Reproduce exactly the line that contains "üçün DİN xətti" and every line after it through the end of the records below, leaving out all pictures.
Top of Supplied data
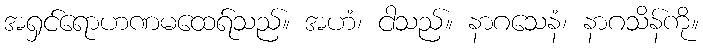
အရှင်ရောဟဏမထေရ်သည်။ အဟံ၊ ငါသည်။ နာဂသေနံ၊ နာဂသိန်ကို။
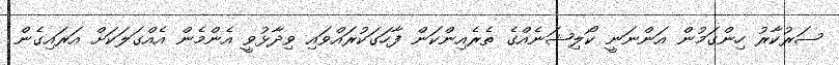
ސަރުކާރު ހިންގަމުން އަންނަނީ ކޯލިޝަނެއްގެ ތެރެއިންކަން ފާހަގަކުރައްވައި ވިދާޅުވީ އެންމެން އެއްގަލަކަށް އަރައިގެން
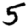
Digit: 5
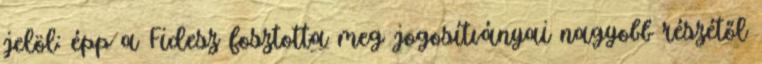
jelöl: épp a Fidesz fosztotta meg jogosítványai nagyobb részétől
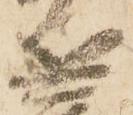
兵
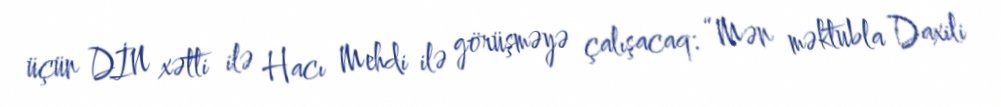
üçün DİN xətti ilə Hacı Mehdi ilə görüşməyə çalışacaq: “Mən məktubla Daxili
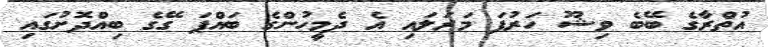
އުތްރާގެ ބޭބެ ވިޝޫ ހަރުފަ މަރަލައި އެ ދެމީހުންގެ ބައްޕަ ގޭގެ ބިއްދޮށުގައި
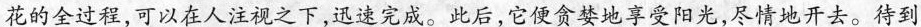
花的全过程，可以在人注视之下，迅速完成。此后，它便贪婪地享受阳光，尽情地开去。待到
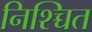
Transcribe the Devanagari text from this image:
निश्च्चित
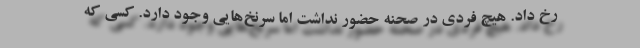
رخ داد. هیچ فردی در صحنه حضور نداشت اما سرنخ‌هایی وجود دارد. کسی که
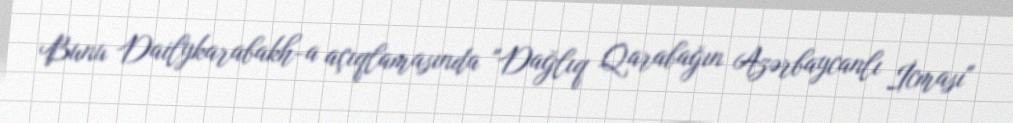
Bunu Dailykarabakh-a açıqlamasında "Dağlıq Qarabağın Azərbaycanlı İcması"
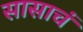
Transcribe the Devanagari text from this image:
सासाचं
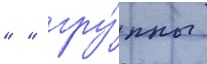
" " гру́ппы
Bottom of Supplied data
## Written reply
üçün DİN xətti ilə Hacı Mehdi ilə görüşməyə çalışacaq: “Mən məktubla Daxili
އުތްރާގެ ބޭބެ ވިޝޫ ހަރުފަ މަރަލައި އެ ދެމީހުންގެ ބައްޕަ ގޭގެ ބިއްދޮށުގައި
花的全过程，可以在人注视之下，迅速完成。此后，它便贪婪地享受阳光，尽情地开去。待到
Transcribe the Devanagari text from this image:
निश्च्चित
رخ داد. هیچ فردی در صحنه حضور نداشت اما سرنخ‌هایی وجود دارد. کسی که
Bunu Dailykarabakh-a açıqlamasında "Dağlıq Qarabağın Azərbaycanlı İcması"
Transcribe the Devanagari text from this image:
सासाचं
" " гру́ппы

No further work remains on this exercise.